- **Description of the task**
Your answer should consist of the lines in the following data that contain "mixed".
———
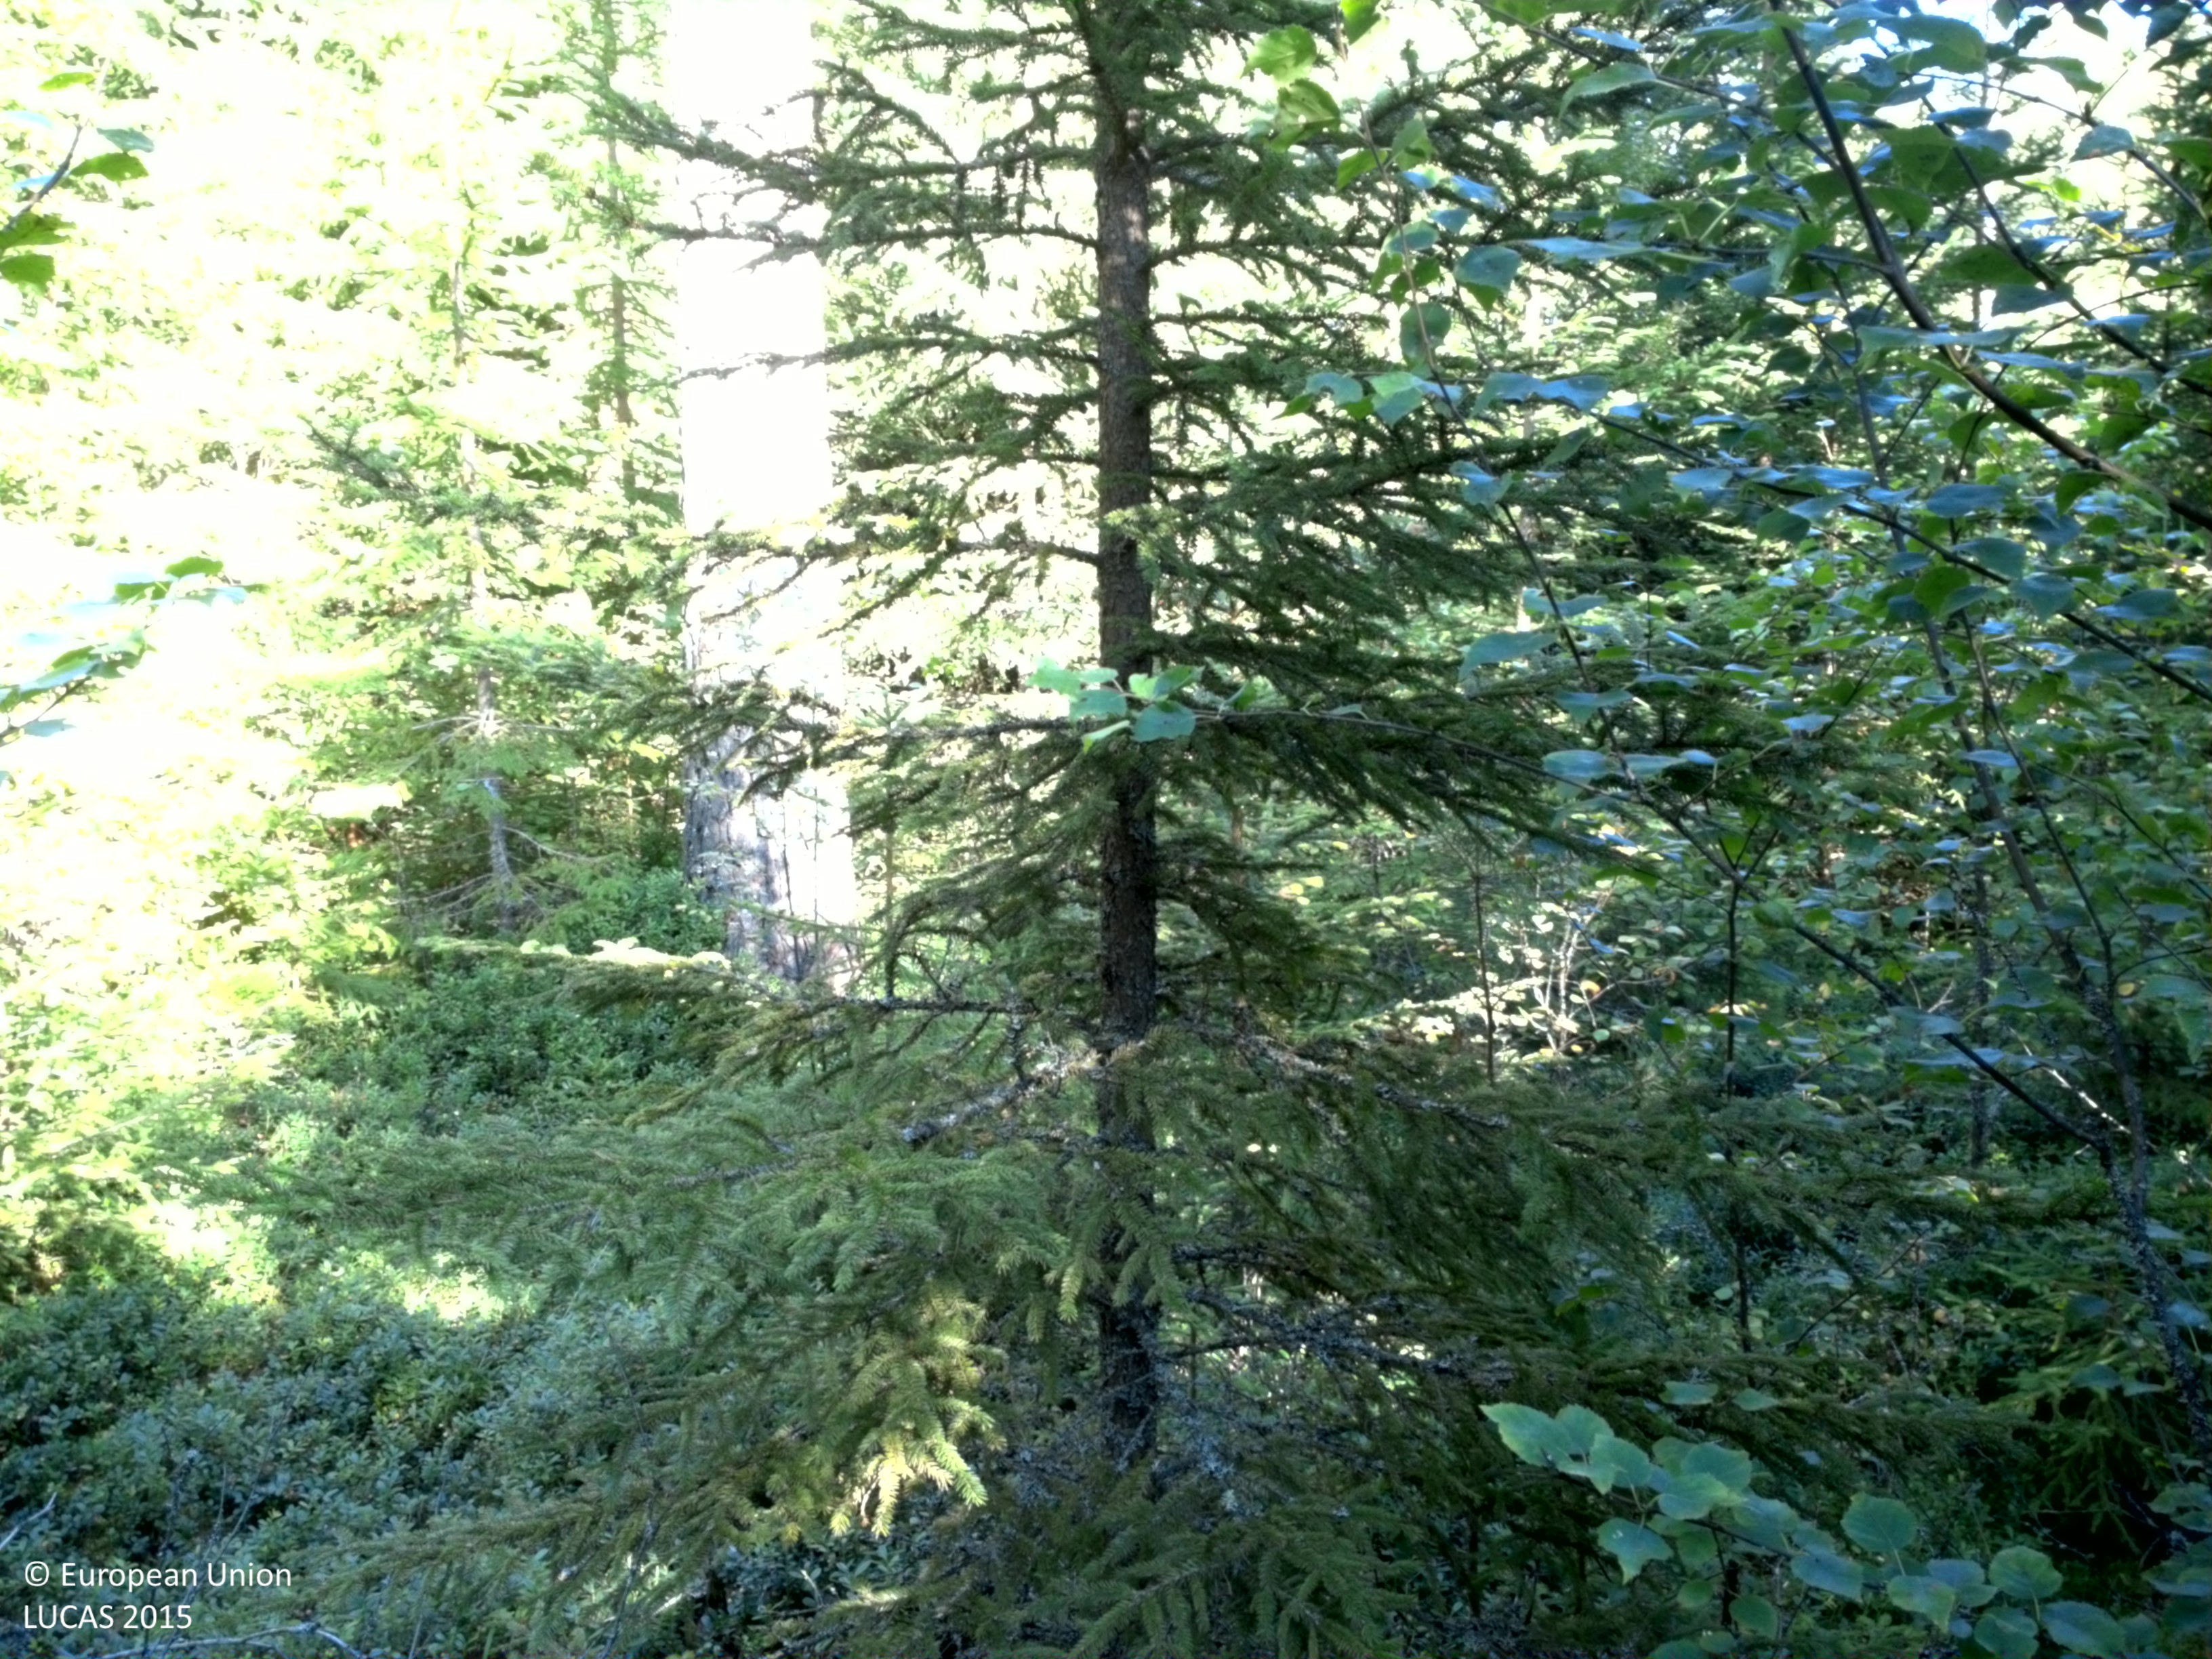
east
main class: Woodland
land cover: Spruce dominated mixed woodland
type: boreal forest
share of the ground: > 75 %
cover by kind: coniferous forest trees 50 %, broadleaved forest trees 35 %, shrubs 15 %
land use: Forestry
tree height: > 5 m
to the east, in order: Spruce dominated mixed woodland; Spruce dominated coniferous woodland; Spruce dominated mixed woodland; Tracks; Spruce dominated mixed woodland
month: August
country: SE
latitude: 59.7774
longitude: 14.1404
———
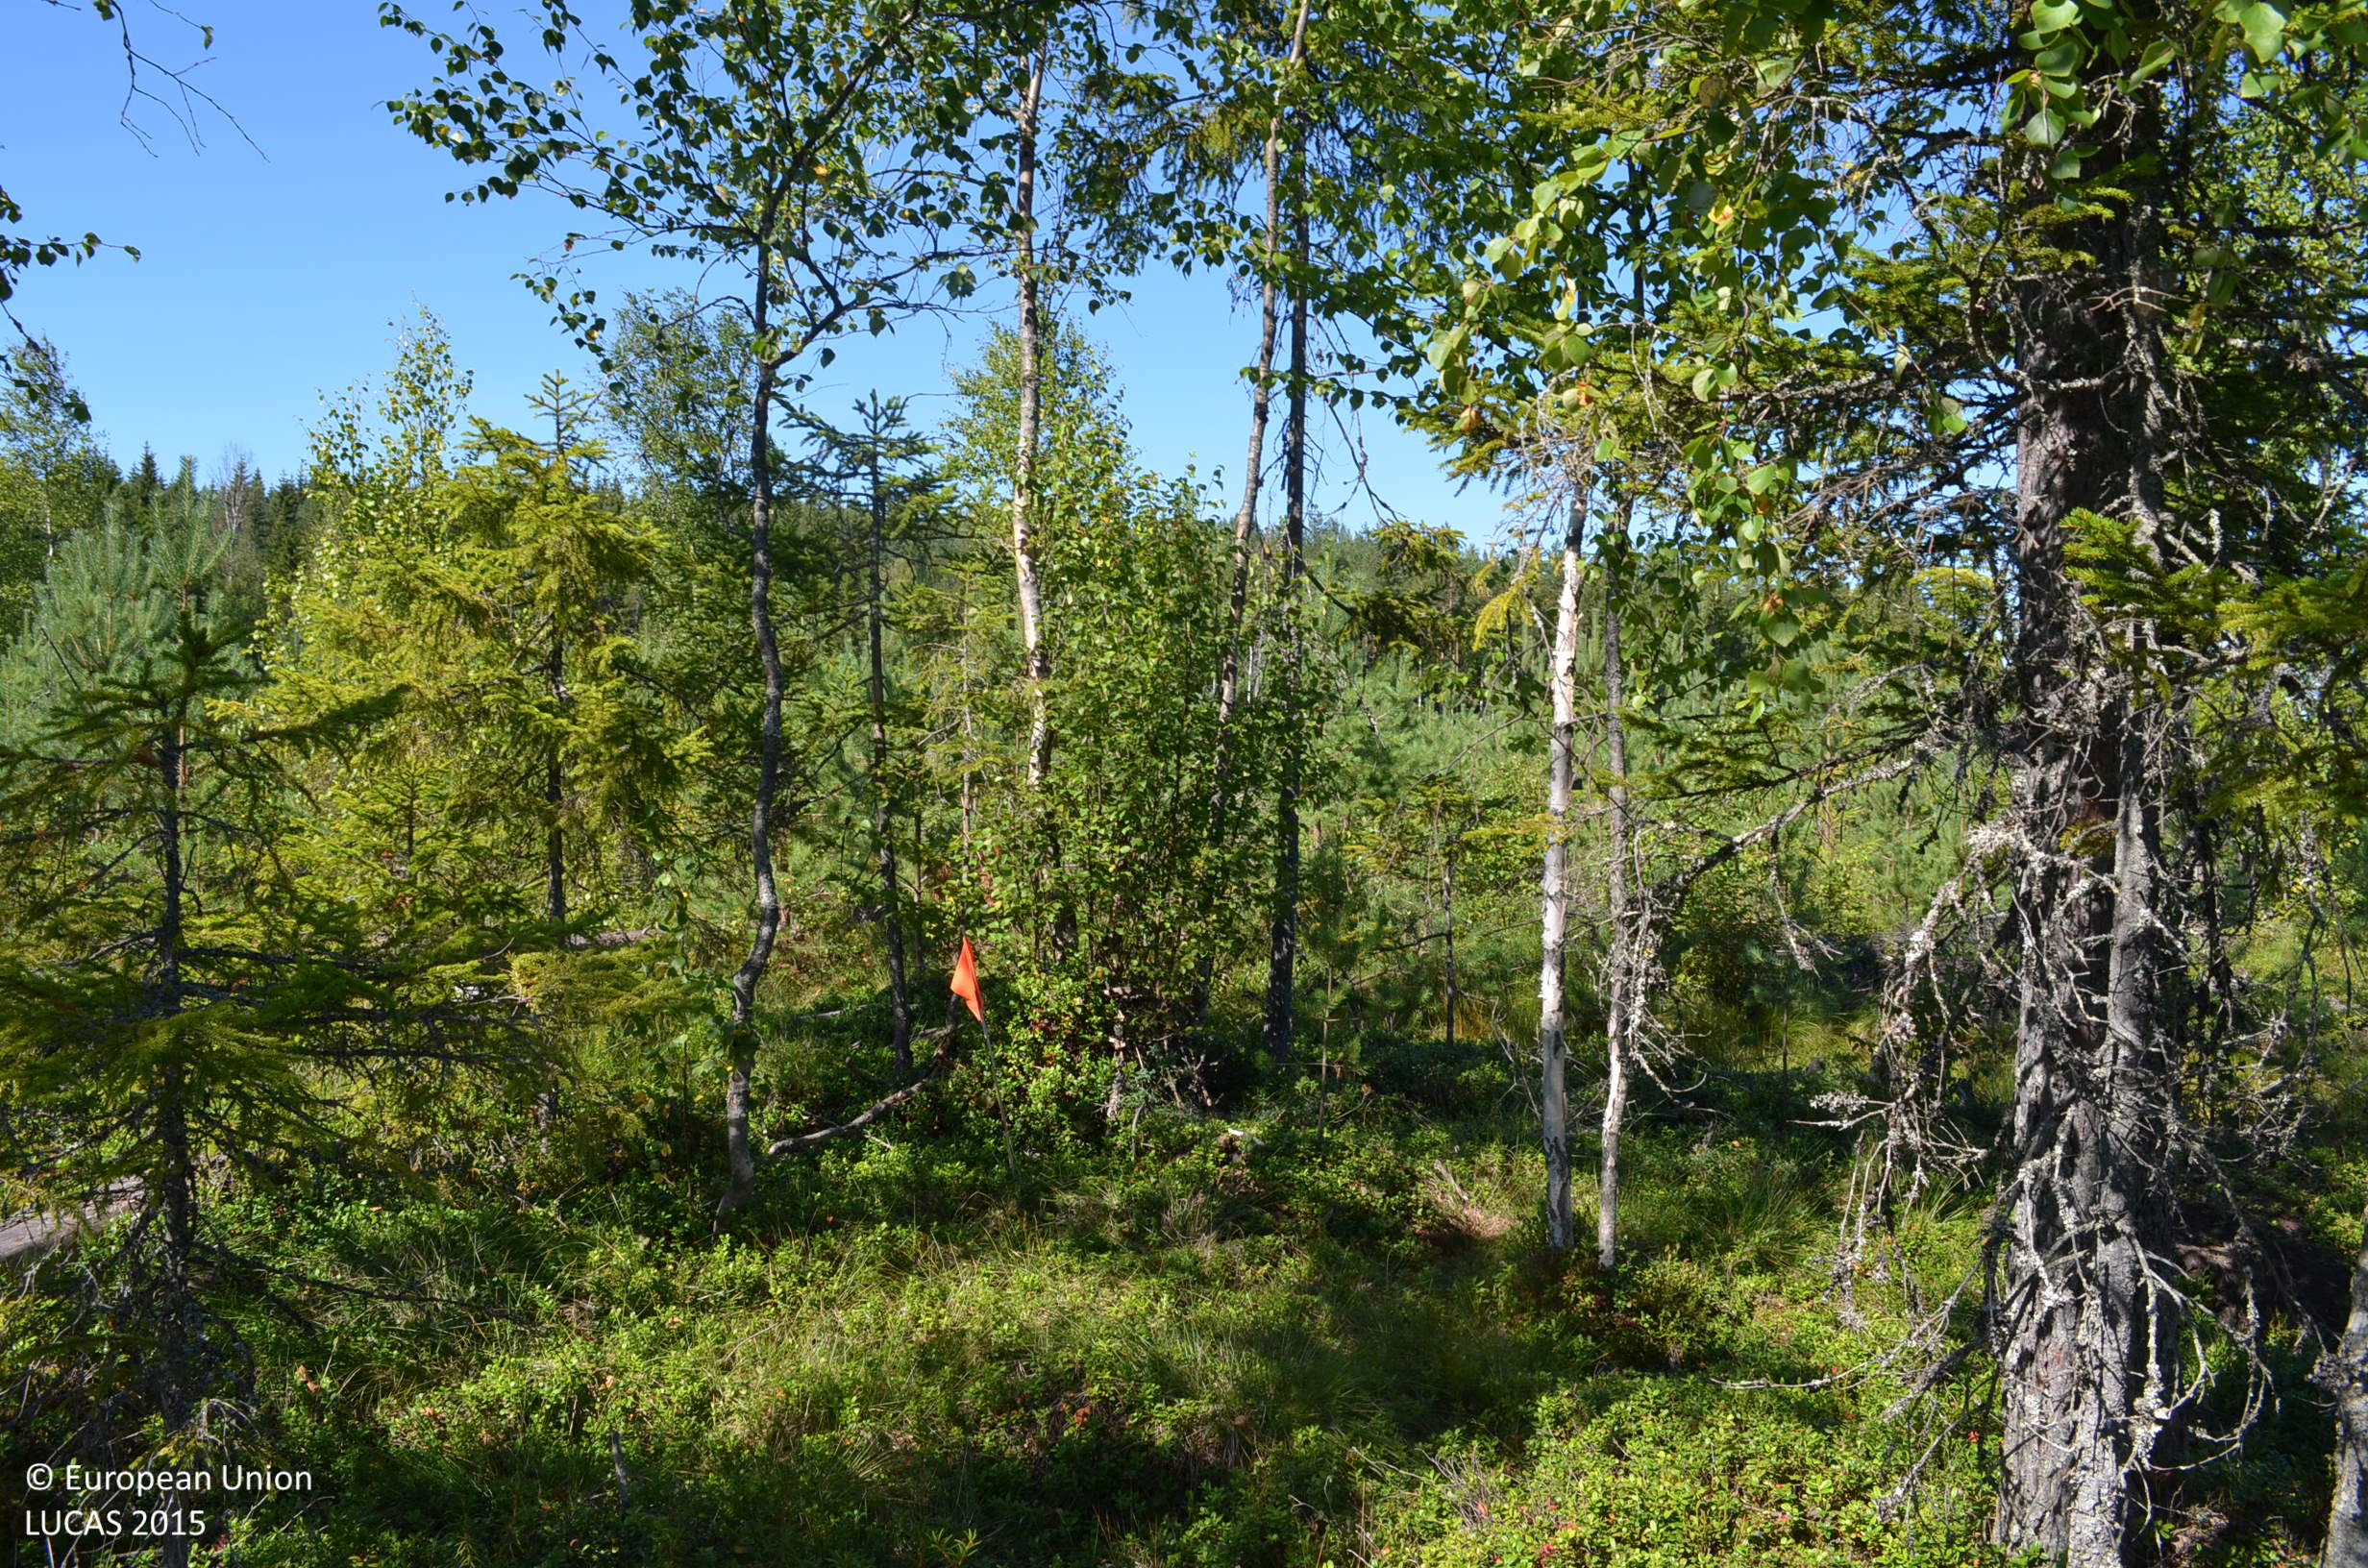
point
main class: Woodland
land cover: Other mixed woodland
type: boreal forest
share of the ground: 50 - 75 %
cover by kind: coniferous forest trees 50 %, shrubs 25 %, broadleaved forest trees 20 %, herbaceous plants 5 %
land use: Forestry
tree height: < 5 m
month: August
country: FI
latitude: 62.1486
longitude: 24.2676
———
- **Response area**
land cover: Spruce dominated mixed woodland
to the east, in order: Spruce dominated mixed woodland; Spruce dominated coniferous woodland; Spruce dominated mixed woodland; Tracks; Spruce dominated mixed woodland
land cover: Other mixed woodland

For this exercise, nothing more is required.